But what do we do about it?

It won't do simply to say, "Let's deregulate," meaning to get rid of regulation altogether, because everybody wants what regulation is supposed to provide us: regularity and predictability in markets and assurance of quality and safety in the goods and services we buy.

When we get in a taxi or an Uber, we want to know that the driver is peaceable and responsible and that the car is in good condition. When we take a medicine, we want to know that it is safe and effective. When we put our money in a bank, we want to know that it has enough capital that we won't lose our savings if the institution has a run of bad luck. In short, we want goods and services to be well-regulated.

So it seems that we are stuck: Government regulation almost always denies liberty and usually causes economic harm, but we want the regularity, predictability, and quality assurance that regulation is supposed to provide. Does that mean the best we can do is to accept government regulation but try to rein it in, to limit it, to reduce the harm it does?
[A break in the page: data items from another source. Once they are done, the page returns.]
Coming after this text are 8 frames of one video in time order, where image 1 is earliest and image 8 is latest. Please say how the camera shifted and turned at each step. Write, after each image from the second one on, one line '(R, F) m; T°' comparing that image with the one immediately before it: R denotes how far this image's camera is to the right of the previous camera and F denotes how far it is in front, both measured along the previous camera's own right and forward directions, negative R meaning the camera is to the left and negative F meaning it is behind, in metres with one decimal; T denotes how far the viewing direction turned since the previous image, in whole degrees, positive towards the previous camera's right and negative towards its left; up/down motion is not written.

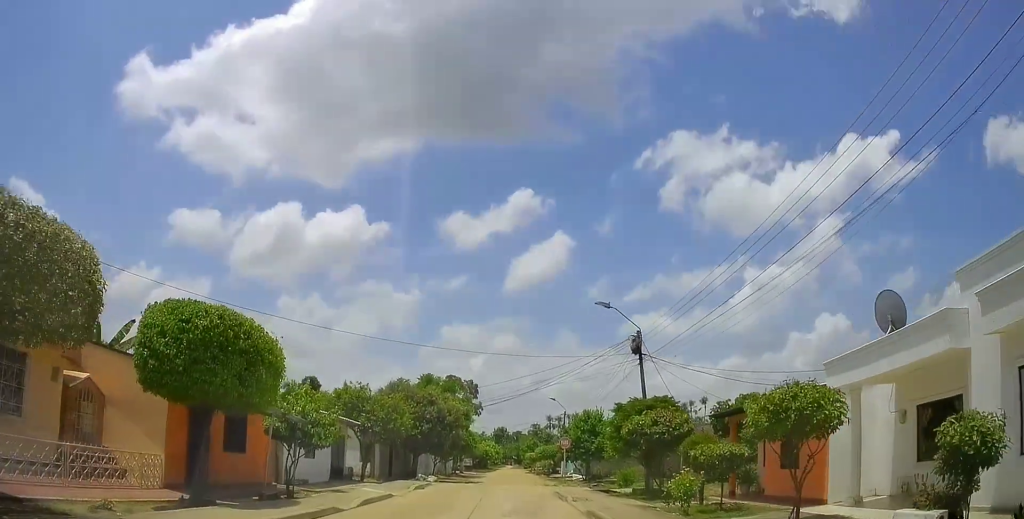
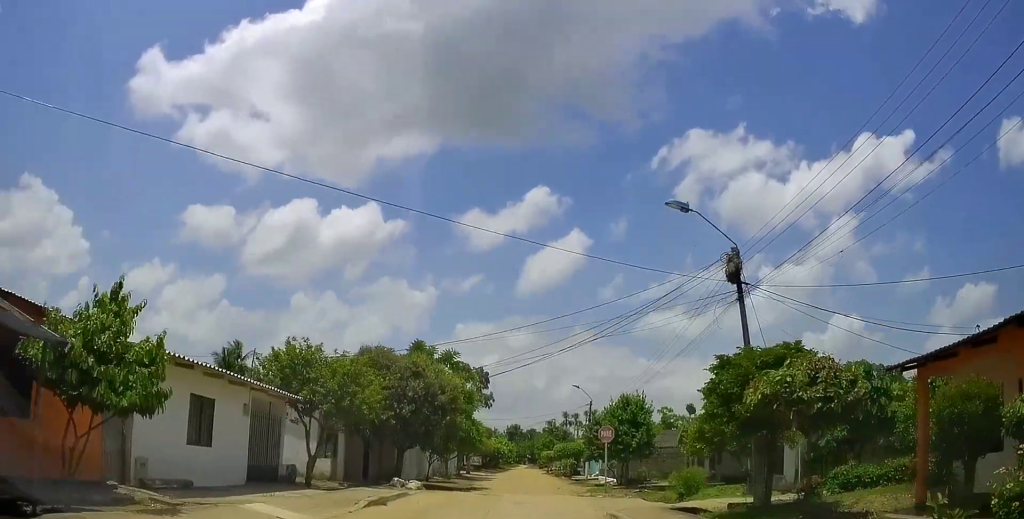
(+0.7, +9.8) m; -1°
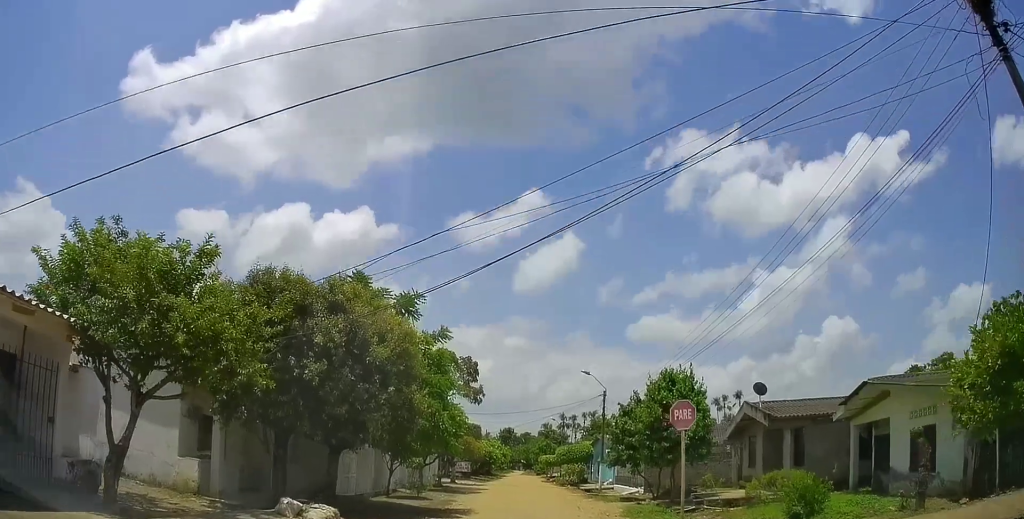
(0.0, +11.0) m; +7°
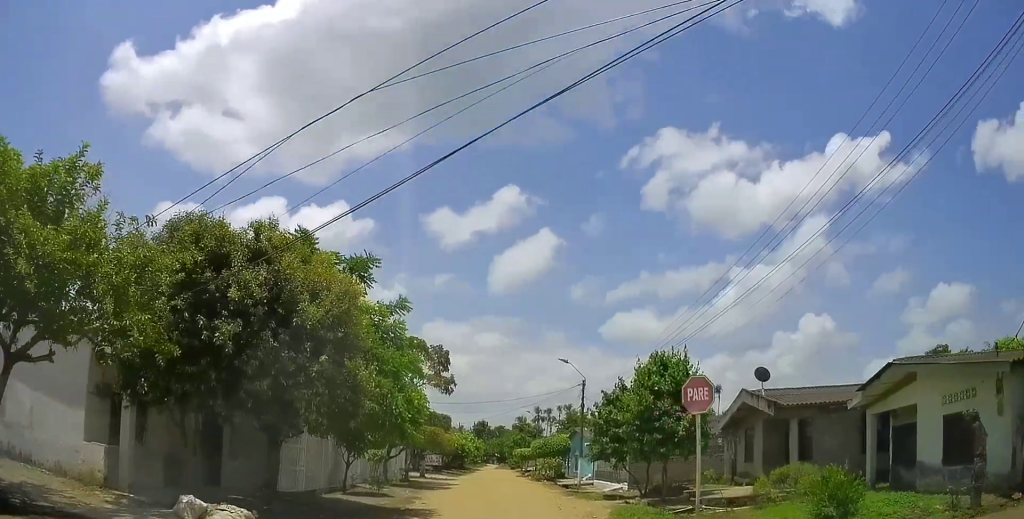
(+0.1, +2.8) m; +2°
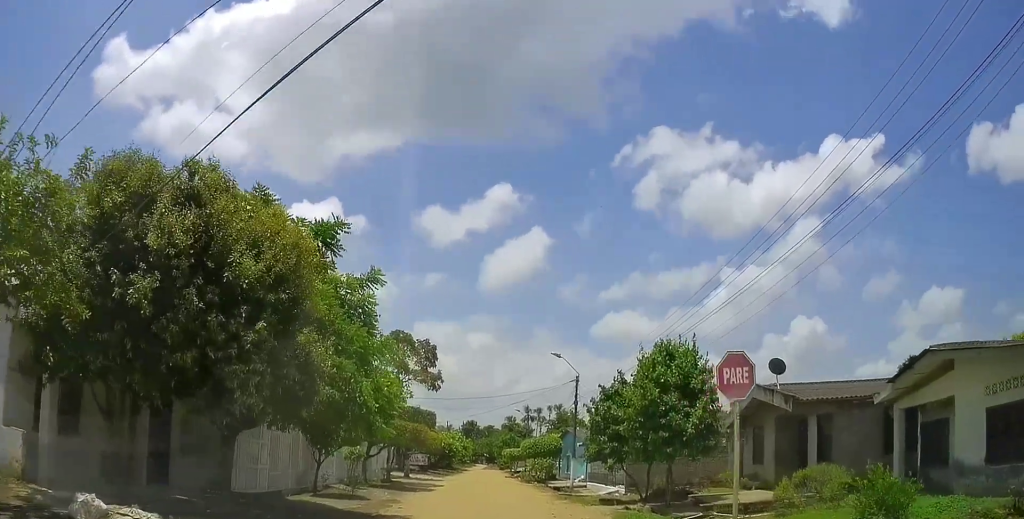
(0.0, +2.1) m; 0°
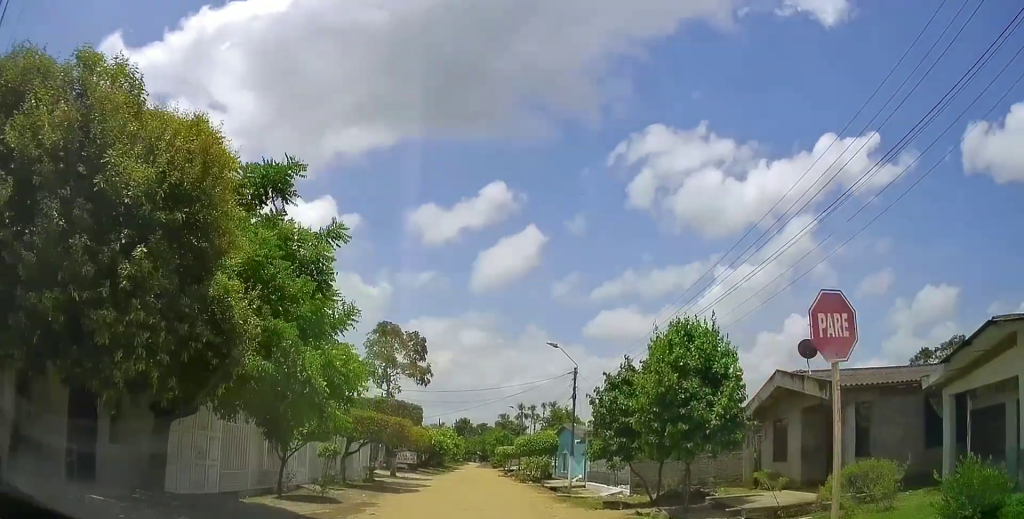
(+0.1, +2.6) m; -4°
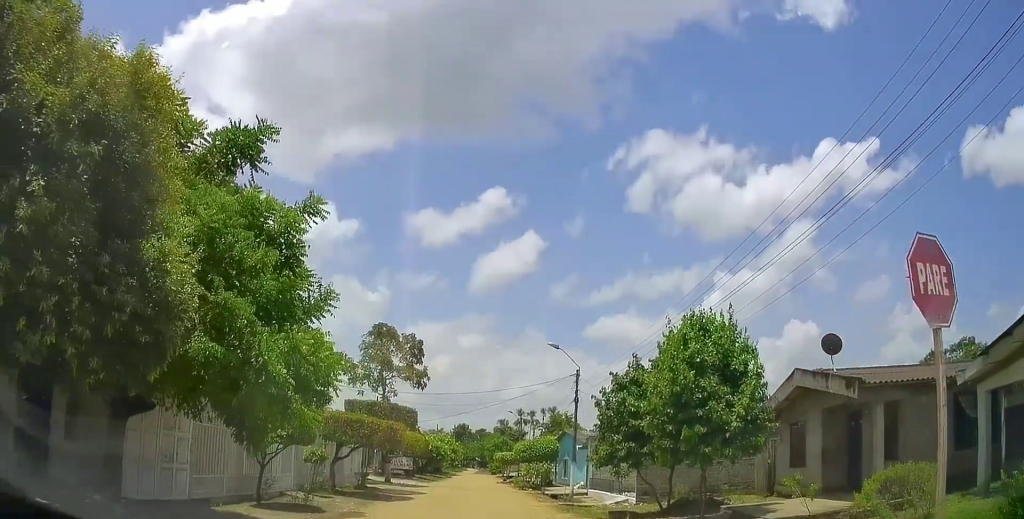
(-0.1, +1.6) m; -1°
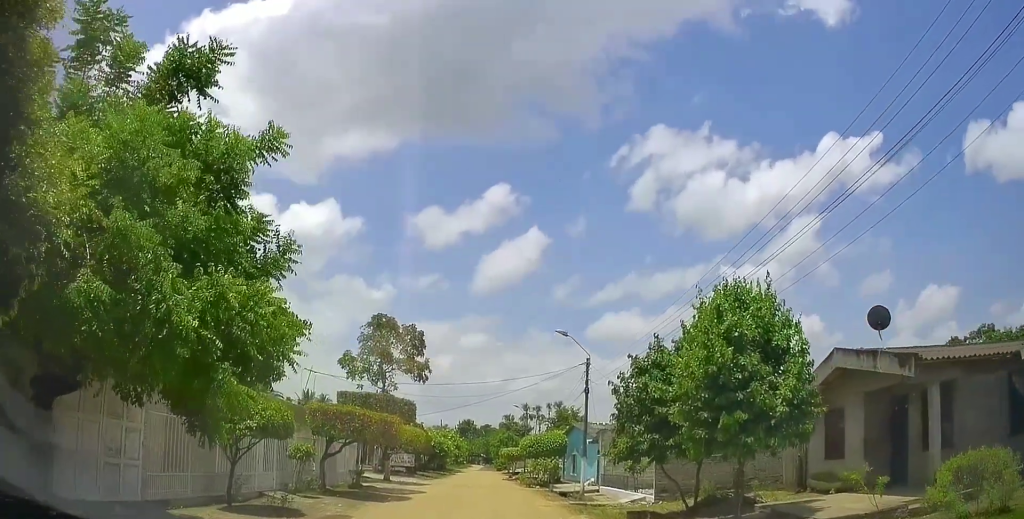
(-0.3, +2.3) m; +1°

No. It is a semantic error to assume that regulation means government regulation. In fact, there is no such thing as an unregulated free market, because markets free of government regulation are very closely regulated by the choices and actions of market participants. And market forces regulate quality and safety better than government agencies can.

Regulation by Market

To regulate is to make regular and orderly, to hold to a standard, to control according to rule, as a thermostat regulates the temperature in a building.

Market forces do this constantly. Competing businesses offer what they hope will be a good value, then customers choose among the various offerings, then the competing businesses react to customers' and competitors' choices. That process is the market's regulator.

To take an example of market regulation so ubiquitous that many people don't even notice it, market forces regulate prices.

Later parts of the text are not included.